═════ Data extract ═════

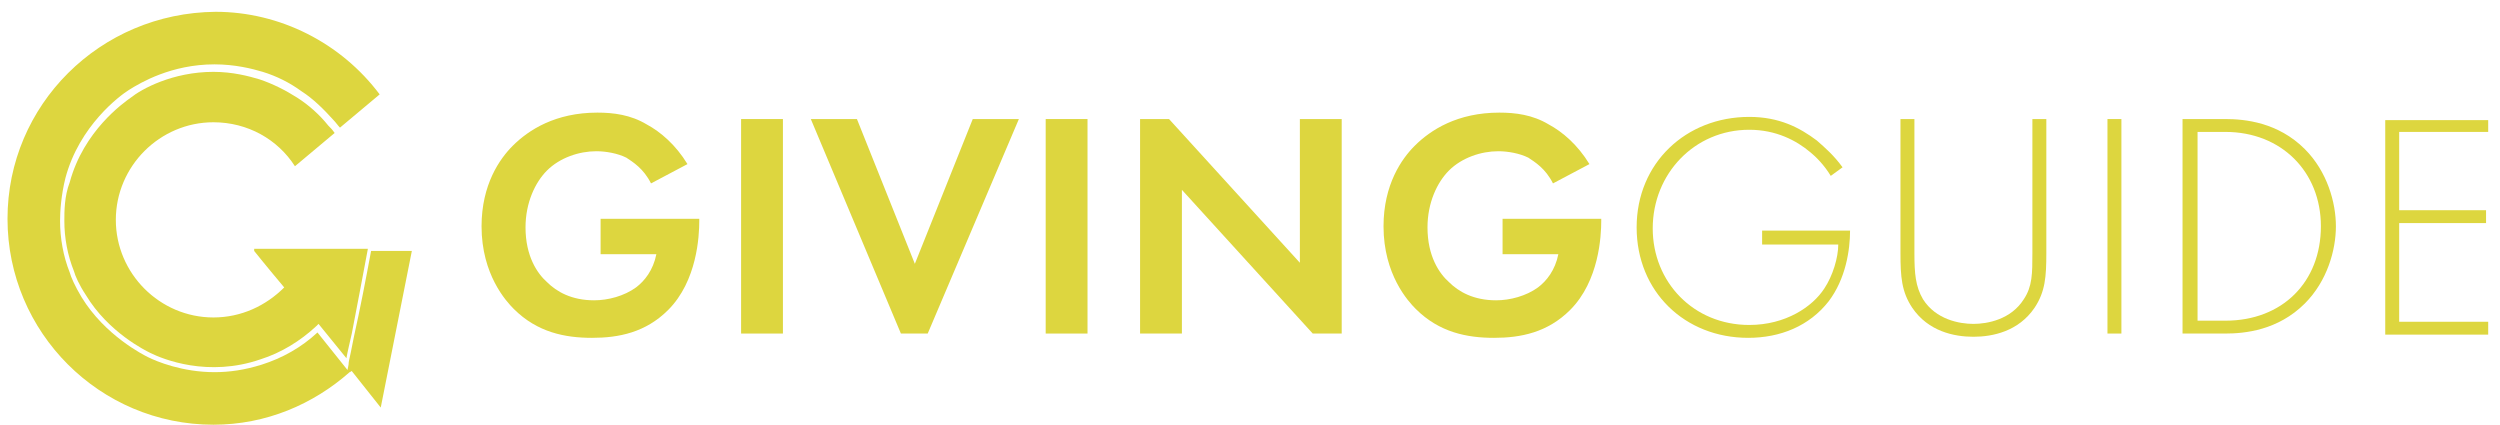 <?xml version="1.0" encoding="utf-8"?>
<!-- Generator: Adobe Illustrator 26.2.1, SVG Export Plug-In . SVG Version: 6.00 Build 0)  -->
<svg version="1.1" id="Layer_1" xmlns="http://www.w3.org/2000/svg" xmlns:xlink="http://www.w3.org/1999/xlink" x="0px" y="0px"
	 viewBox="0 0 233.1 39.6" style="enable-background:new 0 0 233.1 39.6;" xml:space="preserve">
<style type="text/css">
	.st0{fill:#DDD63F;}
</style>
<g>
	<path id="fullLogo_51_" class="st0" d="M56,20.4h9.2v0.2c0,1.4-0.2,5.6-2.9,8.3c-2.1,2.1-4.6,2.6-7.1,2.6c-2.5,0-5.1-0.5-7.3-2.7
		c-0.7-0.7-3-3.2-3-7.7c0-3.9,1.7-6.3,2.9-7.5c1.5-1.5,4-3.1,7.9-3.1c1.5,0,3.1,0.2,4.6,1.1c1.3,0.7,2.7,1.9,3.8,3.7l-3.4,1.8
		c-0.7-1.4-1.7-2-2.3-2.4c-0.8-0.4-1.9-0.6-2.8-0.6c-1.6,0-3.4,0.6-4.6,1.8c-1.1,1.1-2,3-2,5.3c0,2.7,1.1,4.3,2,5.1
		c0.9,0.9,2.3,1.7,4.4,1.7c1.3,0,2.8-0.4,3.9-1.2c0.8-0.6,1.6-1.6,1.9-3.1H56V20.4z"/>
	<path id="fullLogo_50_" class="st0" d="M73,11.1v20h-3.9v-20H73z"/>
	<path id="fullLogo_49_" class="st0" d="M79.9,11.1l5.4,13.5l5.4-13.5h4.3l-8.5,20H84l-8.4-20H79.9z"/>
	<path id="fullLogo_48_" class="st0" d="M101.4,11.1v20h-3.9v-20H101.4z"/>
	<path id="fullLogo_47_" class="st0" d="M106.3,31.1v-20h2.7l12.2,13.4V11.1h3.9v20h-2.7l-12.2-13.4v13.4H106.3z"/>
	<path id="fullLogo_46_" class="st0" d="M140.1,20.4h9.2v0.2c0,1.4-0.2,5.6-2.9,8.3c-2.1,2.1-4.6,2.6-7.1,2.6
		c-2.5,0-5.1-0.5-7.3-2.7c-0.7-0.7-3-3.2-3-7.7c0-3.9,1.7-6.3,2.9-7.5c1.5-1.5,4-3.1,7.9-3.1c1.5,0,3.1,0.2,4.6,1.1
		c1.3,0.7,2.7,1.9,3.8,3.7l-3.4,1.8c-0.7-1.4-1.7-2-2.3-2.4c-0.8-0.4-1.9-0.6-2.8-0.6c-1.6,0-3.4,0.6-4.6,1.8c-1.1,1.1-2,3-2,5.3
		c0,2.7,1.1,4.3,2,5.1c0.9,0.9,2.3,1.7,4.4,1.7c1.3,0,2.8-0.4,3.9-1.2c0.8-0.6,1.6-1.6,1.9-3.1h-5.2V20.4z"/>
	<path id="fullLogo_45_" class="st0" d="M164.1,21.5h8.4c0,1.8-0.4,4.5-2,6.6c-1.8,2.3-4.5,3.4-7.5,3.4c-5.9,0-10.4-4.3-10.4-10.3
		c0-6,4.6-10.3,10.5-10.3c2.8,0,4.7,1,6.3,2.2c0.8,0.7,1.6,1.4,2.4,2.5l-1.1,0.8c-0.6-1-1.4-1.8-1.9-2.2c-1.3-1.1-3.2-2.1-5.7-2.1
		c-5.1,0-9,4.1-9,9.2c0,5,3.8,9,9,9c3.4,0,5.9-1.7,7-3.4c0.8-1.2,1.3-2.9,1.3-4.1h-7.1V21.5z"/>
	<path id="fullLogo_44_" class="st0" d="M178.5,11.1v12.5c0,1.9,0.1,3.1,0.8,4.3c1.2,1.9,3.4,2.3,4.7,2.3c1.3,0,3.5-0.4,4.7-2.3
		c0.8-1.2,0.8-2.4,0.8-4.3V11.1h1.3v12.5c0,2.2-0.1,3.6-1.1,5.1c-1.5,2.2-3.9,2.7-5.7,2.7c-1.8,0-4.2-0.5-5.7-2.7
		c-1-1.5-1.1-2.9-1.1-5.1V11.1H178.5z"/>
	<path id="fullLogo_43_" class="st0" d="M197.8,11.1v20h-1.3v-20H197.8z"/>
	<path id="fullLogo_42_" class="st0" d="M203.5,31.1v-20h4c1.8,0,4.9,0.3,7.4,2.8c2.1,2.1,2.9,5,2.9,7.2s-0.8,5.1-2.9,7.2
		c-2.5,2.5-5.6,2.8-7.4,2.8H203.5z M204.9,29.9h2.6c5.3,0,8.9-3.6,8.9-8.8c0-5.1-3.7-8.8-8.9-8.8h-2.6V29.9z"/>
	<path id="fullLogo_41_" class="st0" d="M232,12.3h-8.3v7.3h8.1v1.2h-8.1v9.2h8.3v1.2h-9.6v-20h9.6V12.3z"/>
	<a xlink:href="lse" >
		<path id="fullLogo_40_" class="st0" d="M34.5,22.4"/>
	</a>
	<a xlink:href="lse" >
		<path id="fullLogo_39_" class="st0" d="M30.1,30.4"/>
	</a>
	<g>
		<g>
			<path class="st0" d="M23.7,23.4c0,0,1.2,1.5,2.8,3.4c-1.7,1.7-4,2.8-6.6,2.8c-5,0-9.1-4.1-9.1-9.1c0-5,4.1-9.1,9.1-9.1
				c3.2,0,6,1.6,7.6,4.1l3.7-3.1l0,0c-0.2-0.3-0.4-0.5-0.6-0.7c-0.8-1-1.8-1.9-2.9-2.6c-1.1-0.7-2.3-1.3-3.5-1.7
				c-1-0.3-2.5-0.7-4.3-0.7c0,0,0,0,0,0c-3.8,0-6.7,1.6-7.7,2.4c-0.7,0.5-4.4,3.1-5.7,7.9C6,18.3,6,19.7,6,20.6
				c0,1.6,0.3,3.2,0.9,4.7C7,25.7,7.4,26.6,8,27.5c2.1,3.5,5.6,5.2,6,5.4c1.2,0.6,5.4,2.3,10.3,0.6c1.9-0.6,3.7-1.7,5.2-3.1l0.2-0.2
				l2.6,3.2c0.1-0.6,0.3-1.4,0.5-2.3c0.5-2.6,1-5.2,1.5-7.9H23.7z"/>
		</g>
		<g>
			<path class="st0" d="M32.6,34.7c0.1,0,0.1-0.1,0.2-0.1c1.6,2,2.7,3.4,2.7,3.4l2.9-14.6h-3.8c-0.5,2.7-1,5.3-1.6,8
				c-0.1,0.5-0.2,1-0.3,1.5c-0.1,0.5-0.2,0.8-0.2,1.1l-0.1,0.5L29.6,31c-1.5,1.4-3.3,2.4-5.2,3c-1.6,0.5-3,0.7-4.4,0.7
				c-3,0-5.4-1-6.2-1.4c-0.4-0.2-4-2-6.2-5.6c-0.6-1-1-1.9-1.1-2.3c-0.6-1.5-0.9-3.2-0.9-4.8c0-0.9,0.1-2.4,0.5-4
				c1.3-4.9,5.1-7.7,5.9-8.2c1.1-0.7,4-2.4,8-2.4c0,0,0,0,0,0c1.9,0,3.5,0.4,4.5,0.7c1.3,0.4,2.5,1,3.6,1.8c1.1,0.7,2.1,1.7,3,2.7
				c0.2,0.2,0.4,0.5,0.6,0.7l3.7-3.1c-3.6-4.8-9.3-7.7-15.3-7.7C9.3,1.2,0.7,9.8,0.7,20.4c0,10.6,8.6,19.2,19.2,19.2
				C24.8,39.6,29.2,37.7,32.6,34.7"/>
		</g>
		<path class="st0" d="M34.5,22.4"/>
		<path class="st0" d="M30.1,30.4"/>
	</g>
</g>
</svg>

═════

What you should do
Where a line in the records above contains the string "style", copy that line.

The answer
	 viewBox="0 0 233.1 39.6" style="enable-background:new 0 0 233.1 39.6;" xml:space="preserve">
<style type="text/css">
</style>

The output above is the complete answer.